**Hubert Shutrick** **January 18, 2012**

Griffith's theorem is proved algebraically using complex numbers elsewhere on ctk and illustrated by an applet. For completeness, the following is a simple geometrical proof that is an adaptation of a proof available on the web. The steps in the proof are illustrated by separate diagrams to make it more visual and less verbal.

**Griffith's Theorem**. Consider the points A',B',C' whose vertices are the midpoints of the sides of the triangle ABC and let round brackets denote the circle through the points they enclose so that (A',B',C') is the nine-point circle of ABC, Corresponding to each line through the centre O of (A,B,C), there is a point G on (A',B',C') such that the pedal circle with respect to ABC of any point P on the line passes through G.

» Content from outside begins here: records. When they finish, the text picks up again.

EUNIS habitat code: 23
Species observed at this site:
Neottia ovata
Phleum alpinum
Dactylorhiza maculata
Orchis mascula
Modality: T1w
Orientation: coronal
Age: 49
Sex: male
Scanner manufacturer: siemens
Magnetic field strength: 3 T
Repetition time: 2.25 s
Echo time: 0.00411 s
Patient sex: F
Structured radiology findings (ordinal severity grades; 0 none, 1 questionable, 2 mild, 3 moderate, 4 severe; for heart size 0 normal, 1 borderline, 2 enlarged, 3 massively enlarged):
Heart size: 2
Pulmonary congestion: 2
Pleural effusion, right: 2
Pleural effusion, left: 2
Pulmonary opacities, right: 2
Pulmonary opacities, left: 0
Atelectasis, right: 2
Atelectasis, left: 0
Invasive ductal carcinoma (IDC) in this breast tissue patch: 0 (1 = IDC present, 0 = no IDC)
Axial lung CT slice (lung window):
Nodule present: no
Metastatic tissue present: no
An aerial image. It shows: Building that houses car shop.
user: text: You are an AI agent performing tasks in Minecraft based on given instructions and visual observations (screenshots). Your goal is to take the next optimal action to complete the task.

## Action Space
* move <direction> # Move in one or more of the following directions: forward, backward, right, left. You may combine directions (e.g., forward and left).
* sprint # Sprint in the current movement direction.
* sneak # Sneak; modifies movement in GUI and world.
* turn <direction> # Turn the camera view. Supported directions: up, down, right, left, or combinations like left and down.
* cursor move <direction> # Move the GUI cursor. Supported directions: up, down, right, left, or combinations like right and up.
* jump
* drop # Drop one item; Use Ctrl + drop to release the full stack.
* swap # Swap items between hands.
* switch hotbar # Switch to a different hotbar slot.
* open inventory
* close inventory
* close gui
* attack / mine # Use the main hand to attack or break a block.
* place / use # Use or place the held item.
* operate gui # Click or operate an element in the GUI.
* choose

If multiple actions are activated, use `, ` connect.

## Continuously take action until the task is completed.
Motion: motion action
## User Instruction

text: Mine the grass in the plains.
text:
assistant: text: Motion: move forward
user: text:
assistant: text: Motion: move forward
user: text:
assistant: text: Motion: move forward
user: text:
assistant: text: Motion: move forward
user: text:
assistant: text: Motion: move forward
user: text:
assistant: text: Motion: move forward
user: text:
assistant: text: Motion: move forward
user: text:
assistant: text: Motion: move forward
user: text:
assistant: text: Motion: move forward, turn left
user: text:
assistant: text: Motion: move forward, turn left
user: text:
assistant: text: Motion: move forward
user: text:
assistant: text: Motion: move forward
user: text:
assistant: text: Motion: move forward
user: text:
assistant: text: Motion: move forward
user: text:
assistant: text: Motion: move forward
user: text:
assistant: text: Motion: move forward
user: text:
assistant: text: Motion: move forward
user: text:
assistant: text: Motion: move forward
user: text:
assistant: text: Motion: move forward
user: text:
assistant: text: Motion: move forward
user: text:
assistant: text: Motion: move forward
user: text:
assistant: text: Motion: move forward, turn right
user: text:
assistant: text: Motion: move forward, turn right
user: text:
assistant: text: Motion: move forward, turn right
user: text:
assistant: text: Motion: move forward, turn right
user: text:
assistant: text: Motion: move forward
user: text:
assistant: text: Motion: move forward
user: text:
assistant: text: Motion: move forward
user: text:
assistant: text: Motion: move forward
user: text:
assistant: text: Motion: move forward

**Proof**. The point where the line through B' orthogonal to AC intersects the circle (A,B',C') is, in fact, O because the right angle gives that AO is the diameter of the circle and \angle AC'O is then also 90°. Consider any line OF through O determined by the other intersection point F between it and (A,B',C') and let G be the image of F under the involution that reflects points in the line B'C'. It will turn out to be the required point of the theorem.

The involution takes A to the foot point A_{h} of the altitude from A to BC so the image of (A,B',C') is (A_{h},B',C'), which is the nine point circle (A',B',C') and G is on it.

For any point P on the line OF, and let A_{p},B_{p},C_{p} be its pedal points and let L be the image of A_{p} under the involution. The quadrilateral AC_{p}FL is cyclic because all the points lie on the circle with diameter AP due to the right angles. Hence,

- \angle C_{p}FL = \angle AC'B'

both being equal to the external angle of the quadrilateral at A.

Let X be the intersection of B_{p}C_{p} and B'C' . The quadrilateral C_{p}C'FX is cyclic, since the angles XC_{p}F and XC'F are both equal to \angle FAC, and it follows that

- \angle C_{p}FX = \angle AC'B'

and so the point X lies on FL as the diagram suggests.

Finally, LX\cdot FX = C_{p}X\cdot B_{p}X since the quadrilateral is cyclic, but LX\cdot FX = A_{p}X\cdot GX from the involution so A_{p}X\cdot GX = C_{p}X\cdot B_{p}X and G lies on (A_{p},B_{p},C_{p}) as required.

**Fontene's theorem** states that (A_{p},B_{p},C_{p}) passes through the point G where A_{p}X intersects (A',B',C'), the same applying to B_{p}Y and C_{p}Z defined similarly.